Page 1 of 1

Extracting wrong characters from image

Posted: 2016-03-14T00:58:15-07:00
by seopower
Hi,

I have a simple image (as attached) when trying to extract text (OCR) from image giving me wrong characters, resulting in wrong spellings. Please suggest what to do to extract correctly.

Image

Using tesseract with Ubuntu through PHP like given below:

exec('tesseract temp/' . $filename . '.png temp/' . $filename);


Thanks,

Re: Extracting wrong characters from image

Posted: 2016-03-14T03:14:15-07:00
by snibgo
In my experience, Tesseract needs characters to be at least 10 pixels high to be reliable, and 20 is better. Yours are only 9 pixels high.

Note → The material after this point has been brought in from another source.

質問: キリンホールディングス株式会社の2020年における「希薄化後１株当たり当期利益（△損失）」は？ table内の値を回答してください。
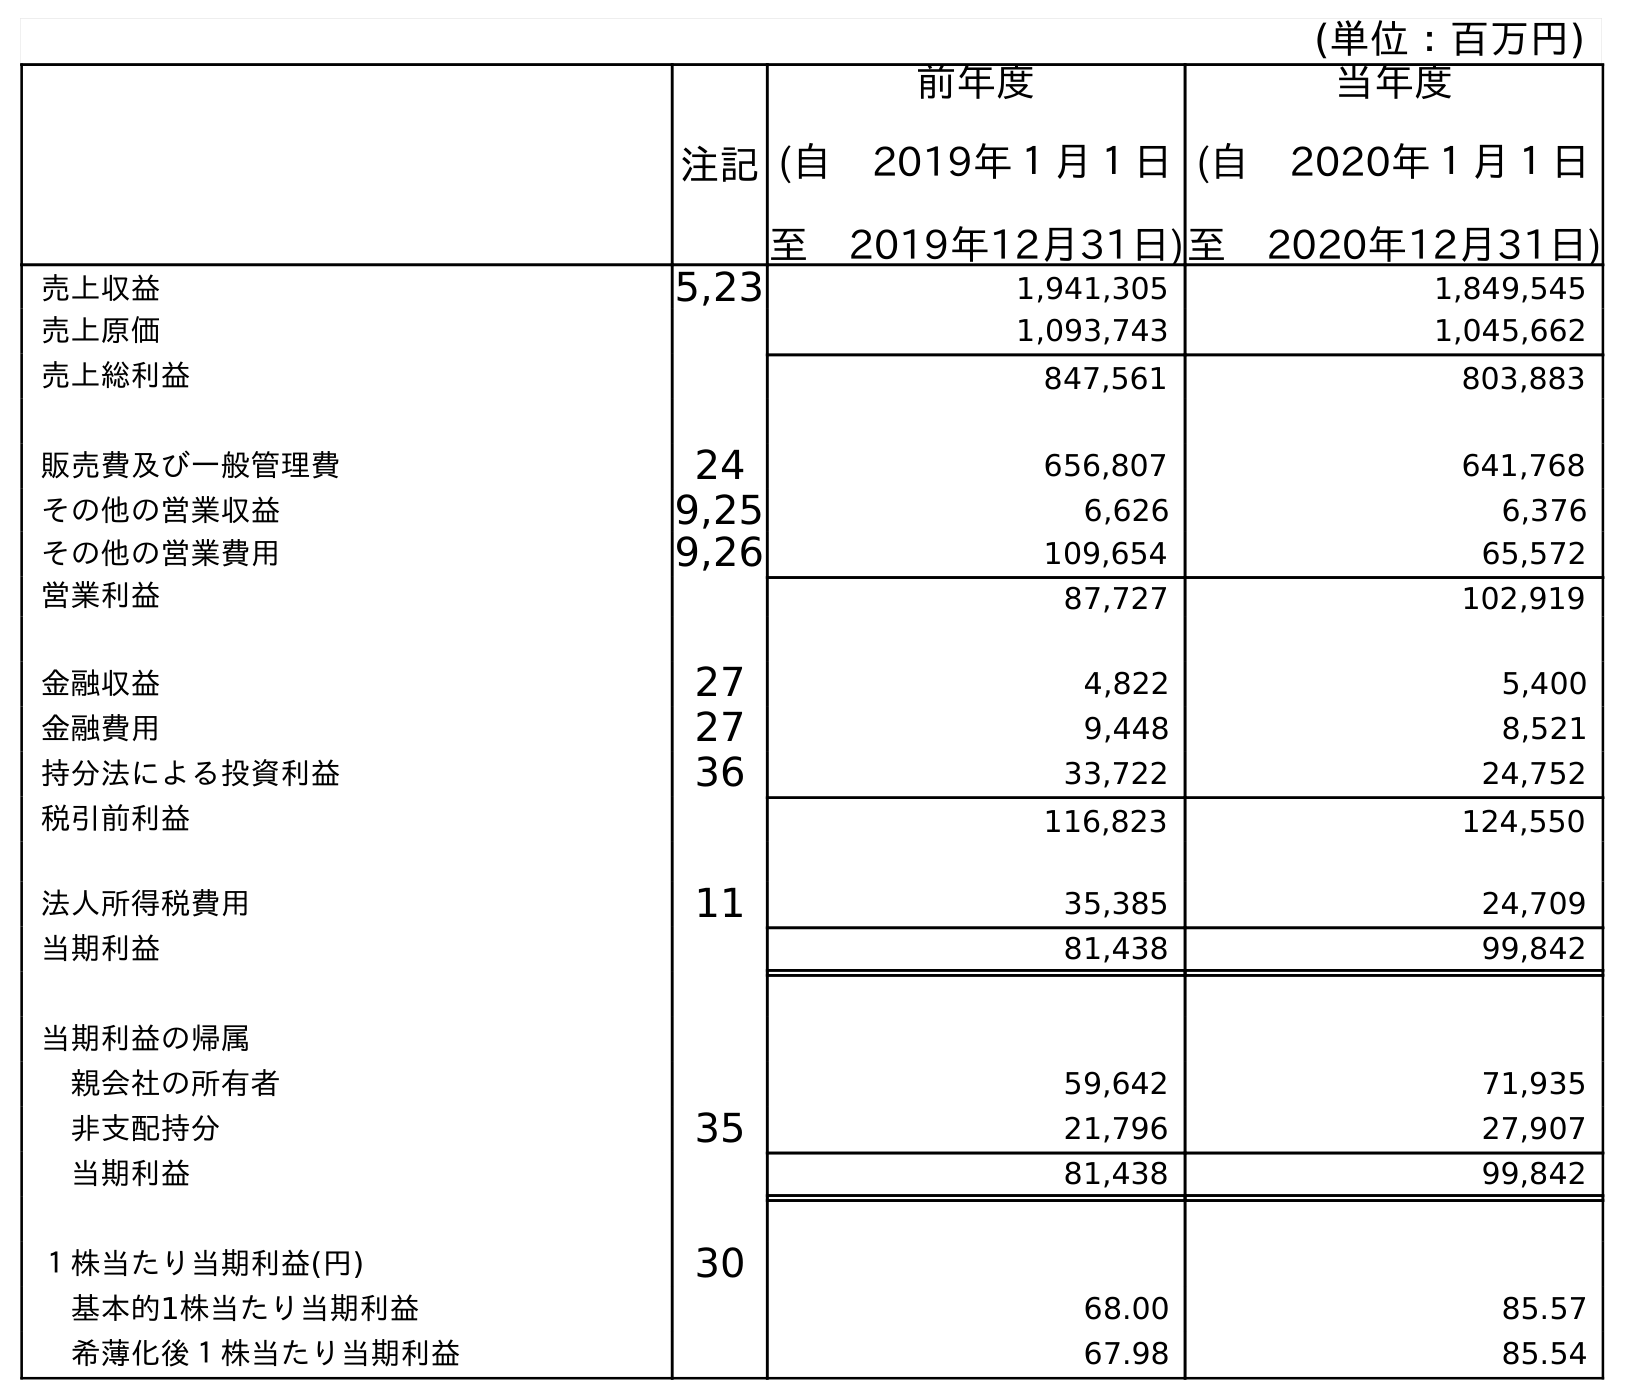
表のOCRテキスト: (単位：百万円) 注記 前年度 (自 2019年１月１日 至 2019年12月31日) 当年度 (自 2020年１月１日 至 2020年12月31日) 売上収益 5,23 1,941,305 1,849,545 売上原価 1,093,743 1,045,662 売上総利益 847,561 803,883 販売費及び一般管理費 24 656,807 641,768 その他の営業収益 9,25 6,626 6,376 その他の営業費用 9,26 109,654 65,572 営業利益 87,727 102,919 金融収益 27 4,822 5,400 金融費用 27 9,448 8,521 持分法による投資利益 36 33,722 24,752 税引前利益 116,823 124,550 法人所得税費用 11 35,385 24,709 当期利益 81,438 99,842 当期利益の帰属 親会社の所有者 59,642 71,935 非支配持分 35 21,796 27,907 当期利益 81,438 99,842 １株当たり当期利益(円) 30 基本的1株当たり当期利益 68.00 85.57 希薄化後１株当たり当期利益 67.98 85.54
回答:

Re: Extracting wrong characters from image

Posted: 2016-03-14T09:30:18-07:00
by markt
Try adding an extra border around the extracted text image, I seemed to get improved recognition with Tesseract using additional 20x20 white border.

Re: Extracting wrong characters from image

Posted: 2016-03-14T09:51:17-07:00
by seopower
snibgo wrote:In my experience, Tesseract needs characters to be at least 10 pixels high to be reliable, and 20 is better. Yours are only 9 pixels high.
Thanks, I have increased the size of the image by double and now it's recognising correctly but still missing space between two words.